Мы лежим в бывшей церкви! Причем как раз в ее алтарной части! Потолки, расположение стен и окон, да и самих помещений, даже предметы — все подтверждало предположение, что это перестроенная церковь. Я сказала М.:
— Да это же церковь!
Он осмотрелся, пытаясь расшифровать окружающее пространство, стремительно преобразовать его в своем воображении и абстрагироваться от реальности, и ответил:
— Да, действительно церковь. Но ты посмотри перед собой!

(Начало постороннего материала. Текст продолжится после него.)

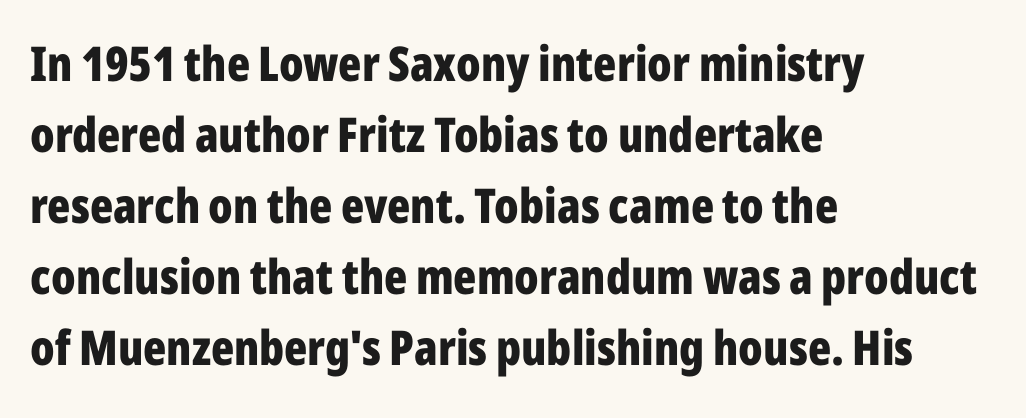
{"serif": "no", "italic": "no", "bold": "yes", "weight": "bold", "width": "condensed", "stroke_contrast": "low", "x_height": "medium", "monospaced": "no", "underline": "no", "align": "left", "line_spacing": "normal", "line_spacing_ratio": 1.48, "letter_spacing": "normal", "letter_spacing_em": 0.0, "glyph_px": 48}

На стене напротив нас, над пышными барочными деревянными консолями висели две иконы. Напротив меня икона с ликом Христа, напротив моего мужа икона Богородицы с младенцем на руках. Они находились в застекленных ящичках, оснащенных сигнализацией, и по стилю очень сильно отличались от всего интерьера.
— Это восемнадцатый век, — шепнул М.
— Я не буду спать в церкви. Пошли наверх, там тоже есть кровать, — шепнула я.
— Там тоже церковь, — ответил М.
Мы оказались в ловушке.
— Неужели ты не видишь, что все вокруг совершенно больное, — быстро зашептала я. — Ты что, не понял, что вся эта «коллекция» помечена знаком тернового венца?
— Да нет же, это лавровый венец, — убеждал меня он.
— Нет, абсолютно точно терновый, я уверена.
— Сейчас лучше поспать, мы очень устали. Потом подумаем. Это же дневной сон, а не ночной. Обдумаем все позже…
Действительно, усталость и напряжение добили меня, и я заснула мертвым сном. Даже сейчас я не могу сказать, сколько времени прошло до того момента, когда мы оба, моментально проснувшись, перепуганные вскочили с кровати. Земля, уходя из-под ног, с глухими звуками ударов где-то в глубине, сотрясалась так сильно, что две амфоры в своих стеклянных клетках подскакивали на металлических ободках. Трясло сильнее, гораздо сильнее, чем в первый раз. Потом наступила тишина. Ноги у меня отнялись, сердце бешено колотилось. Мы молча смотрели друг на друга. Я достала успокоительную таблетку и запила ее водой, которую запрещено было использовать для питья.